When you reach the line containing "Q: Is the spacing" in the data below, begin returning lines exactly as written, and stop once the line containing "Q: Monospaced? A: No." has been returned.

• **TASK INPUT**
○ ○ ○ ○

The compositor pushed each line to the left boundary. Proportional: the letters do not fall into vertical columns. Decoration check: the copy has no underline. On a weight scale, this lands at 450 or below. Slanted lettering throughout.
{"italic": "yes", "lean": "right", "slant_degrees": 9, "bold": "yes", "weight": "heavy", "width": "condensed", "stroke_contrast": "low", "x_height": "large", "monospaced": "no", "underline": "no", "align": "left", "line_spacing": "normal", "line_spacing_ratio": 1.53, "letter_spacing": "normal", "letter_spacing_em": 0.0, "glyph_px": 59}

○ ○ ○ ○

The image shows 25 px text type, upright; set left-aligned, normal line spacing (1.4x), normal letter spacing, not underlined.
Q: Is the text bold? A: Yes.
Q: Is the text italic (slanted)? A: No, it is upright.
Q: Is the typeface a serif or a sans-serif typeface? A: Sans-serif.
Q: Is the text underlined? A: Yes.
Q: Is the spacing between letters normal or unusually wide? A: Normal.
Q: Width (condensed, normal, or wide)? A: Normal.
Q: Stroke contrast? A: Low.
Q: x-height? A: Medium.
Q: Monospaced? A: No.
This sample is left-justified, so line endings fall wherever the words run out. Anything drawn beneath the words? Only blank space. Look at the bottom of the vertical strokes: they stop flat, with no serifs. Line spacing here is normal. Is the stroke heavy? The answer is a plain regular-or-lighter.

○ ○ ○ ○

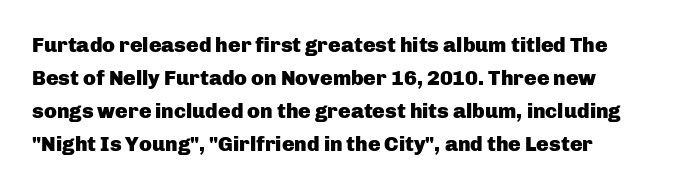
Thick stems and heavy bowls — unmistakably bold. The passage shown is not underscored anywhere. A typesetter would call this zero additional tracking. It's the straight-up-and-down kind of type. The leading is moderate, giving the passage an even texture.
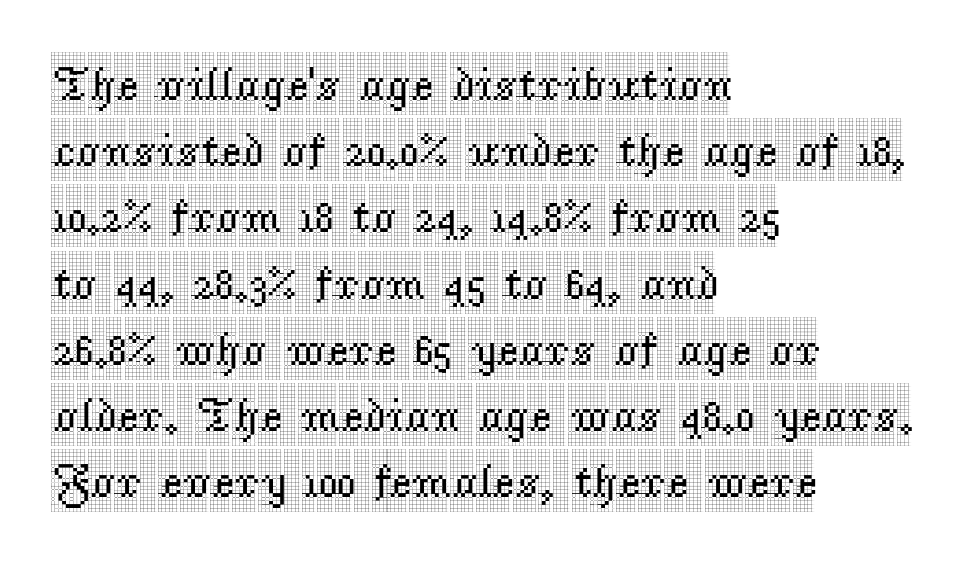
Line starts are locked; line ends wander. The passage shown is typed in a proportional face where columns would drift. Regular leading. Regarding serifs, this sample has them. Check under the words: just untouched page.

○ ○ ○ ○

• **TASK ANSWER**
Q: Is the spacing between letters normal or unusually wide? A: Normal.
Q: Width (condensed, normal, or wide)? A: Normal.
Q: Stroke contrast? A: Low.
Q: x-height? A: Medium.
Q: Monospaced? A: No.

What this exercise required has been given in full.